2. Add Two Numbers

You are given two non-empty linked lists representing two non-negative integers. The digits are stored in reverse order and each of their nodes contain a single digit. Add the two numbers and return it as a linked list.

You may assume the two numbers do not contain any leading zero, except the number 0 itself.

Example

Input: (2 -> 4 -> 3) + (5 -> 6 -> 4)
Output: 7 -> 0 -> 8
Explanation: 342 + 465 = 807.


首先想到能不能根据小学数学中两整数相加的过程，实现下。思考了下程序该怎么做。发现可以。

考虑几种情况，第一个链表的长度大于，小于，等于第二个链表，在最后末尾有无溢出。开始写下程序。

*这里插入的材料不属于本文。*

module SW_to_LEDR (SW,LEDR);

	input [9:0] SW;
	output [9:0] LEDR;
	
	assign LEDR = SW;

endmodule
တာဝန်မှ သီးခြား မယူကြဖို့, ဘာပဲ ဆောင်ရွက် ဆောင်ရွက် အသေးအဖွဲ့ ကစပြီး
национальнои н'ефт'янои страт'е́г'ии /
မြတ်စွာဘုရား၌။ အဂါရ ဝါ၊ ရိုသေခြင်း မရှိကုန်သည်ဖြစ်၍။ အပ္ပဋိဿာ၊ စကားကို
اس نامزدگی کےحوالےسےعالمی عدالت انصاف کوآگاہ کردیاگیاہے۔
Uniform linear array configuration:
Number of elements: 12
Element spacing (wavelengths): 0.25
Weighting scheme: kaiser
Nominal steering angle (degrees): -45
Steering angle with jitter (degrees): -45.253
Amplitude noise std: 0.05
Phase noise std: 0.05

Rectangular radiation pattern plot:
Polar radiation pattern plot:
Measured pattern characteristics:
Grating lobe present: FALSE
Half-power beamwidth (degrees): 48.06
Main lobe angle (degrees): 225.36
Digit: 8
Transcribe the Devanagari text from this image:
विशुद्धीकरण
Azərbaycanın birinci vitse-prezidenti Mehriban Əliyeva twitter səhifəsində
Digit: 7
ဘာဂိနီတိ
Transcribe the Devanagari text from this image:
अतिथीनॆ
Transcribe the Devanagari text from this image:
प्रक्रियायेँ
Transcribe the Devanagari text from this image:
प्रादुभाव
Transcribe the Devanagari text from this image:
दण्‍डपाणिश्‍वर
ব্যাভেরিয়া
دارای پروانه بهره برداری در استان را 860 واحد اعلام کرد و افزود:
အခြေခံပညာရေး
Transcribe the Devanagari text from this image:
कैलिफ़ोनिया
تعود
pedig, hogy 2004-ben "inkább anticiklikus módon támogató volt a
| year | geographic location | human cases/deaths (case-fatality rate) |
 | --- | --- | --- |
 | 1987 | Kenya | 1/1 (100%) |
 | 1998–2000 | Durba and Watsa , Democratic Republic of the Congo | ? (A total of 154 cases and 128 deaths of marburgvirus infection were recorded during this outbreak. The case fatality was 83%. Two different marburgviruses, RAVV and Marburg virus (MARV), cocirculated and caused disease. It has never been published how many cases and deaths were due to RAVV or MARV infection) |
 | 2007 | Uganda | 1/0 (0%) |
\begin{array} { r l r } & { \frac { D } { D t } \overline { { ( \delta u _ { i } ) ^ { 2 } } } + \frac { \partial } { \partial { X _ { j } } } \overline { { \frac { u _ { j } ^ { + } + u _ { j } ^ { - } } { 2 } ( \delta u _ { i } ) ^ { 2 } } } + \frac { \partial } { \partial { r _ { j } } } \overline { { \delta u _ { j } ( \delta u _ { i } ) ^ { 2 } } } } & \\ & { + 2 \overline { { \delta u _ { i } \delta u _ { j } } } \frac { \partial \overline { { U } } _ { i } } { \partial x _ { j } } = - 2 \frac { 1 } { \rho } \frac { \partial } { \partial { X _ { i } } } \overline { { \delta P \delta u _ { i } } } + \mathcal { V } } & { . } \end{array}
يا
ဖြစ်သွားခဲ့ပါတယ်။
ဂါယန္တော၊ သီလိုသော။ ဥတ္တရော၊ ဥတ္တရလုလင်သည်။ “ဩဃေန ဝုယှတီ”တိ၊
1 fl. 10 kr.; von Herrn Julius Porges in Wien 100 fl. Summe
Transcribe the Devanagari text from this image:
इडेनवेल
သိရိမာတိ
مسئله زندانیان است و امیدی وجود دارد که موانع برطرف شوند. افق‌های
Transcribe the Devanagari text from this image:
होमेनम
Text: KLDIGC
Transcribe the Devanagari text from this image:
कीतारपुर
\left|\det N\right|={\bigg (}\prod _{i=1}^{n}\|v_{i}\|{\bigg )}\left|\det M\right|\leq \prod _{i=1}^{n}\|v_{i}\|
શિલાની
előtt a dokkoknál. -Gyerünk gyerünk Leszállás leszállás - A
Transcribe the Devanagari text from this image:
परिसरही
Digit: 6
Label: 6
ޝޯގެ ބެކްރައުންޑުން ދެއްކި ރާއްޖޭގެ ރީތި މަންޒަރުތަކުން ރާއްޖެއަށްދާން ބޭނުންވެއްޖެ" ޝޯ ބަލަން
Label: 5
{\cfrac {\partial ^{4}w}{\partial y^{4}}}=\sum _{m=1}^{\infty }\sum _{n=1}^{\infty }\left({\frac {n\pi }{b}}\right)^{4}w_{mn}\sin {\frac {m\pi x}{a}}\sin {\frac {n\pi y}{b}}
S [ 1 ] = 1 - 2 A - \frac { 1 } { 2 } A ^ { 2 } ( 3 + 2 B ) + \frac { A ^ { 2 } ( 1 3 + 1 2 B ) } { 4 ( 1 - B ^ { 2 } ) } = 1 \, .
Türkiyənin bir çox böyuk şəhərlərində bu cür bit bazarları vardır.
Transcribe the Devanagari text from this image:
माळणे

这里存在一个决定，是该选择第一个链表，还是选择第二个链表存储最终的结果。最好的选择是存在长的链表里，这样malloc申请的内存会少一些，减少空间占用。可是想要得到链表长度，需要n个步骤。
所以我就随机选了第一个链表，链表1大于链表2的概率是50%，我至少有一半的概率选到长的链表，而不需要计算两者的长度。我现在还不能下判断，到底哪种更好。

/**
 * Definition for singly-linked list.
 * struct ListNode {
 *     int val;
 *     struct ListNode *next;
 * };
 */
struct ListNode* addTwoNumbers(struct ListNode* l1, struct ListNode* l2) {
    int overflow = 0, tmp;
    struct ListNode *p1,*p2;
    p1 = l1;
    p2 = l2;
    int i=1;
    
    //process the one before the last one of common length
    while(p1->next && p2->next) {
            tmp = p1->val + p2->val + overflow;
            overflow = tmp / 10;
            p1->val = tmp % 10;
            
            p1 = p1->next;
            p2 = p2->next;
    }
    
    
    if (!p1->next) { //when length of l1 <= l2
        tmp = p1->val + p2->val + overflow;
        overflow = tmp / 10;
        p1->val = tmp % 10;
        
        //when l1 < l2 and no overflow.
        if(!overflow && p2->next) {
            p1->next = p2->next;
        }
        
        while (overflow) {
            if (!p2->next){
                p2->next = malloc(sizeof(struct ListNode));
                memset(p2->next, 0, sizeof(struct ListNode));
            }
            if(i==1) p1->next = p2->next;
            i++;
            p2 = p2->next;
            tmp = p2->val + overflow;
            overflow = tmp / 10;
            p2->val = tmp % 10;
        }
    } else {//when legngth of l1 > l2
        tmp = p1->val + p2->val + overflow;
        overflow = tmp / 10;
        p1->val = tmp % 10;
        
        while (overflow) {
            if (!p1->next) {
                p1->next = malloc(sizeof(struct ListNode));
                memset(p1->next,0,sizeof(struct ListNode));
            }
            p1 = p1->next;
            tmp = p1->val + overflow;
            overflow = tmp / 10;
            p1->val = tmp % 10;
        }
    }
    
    return l1;
    
}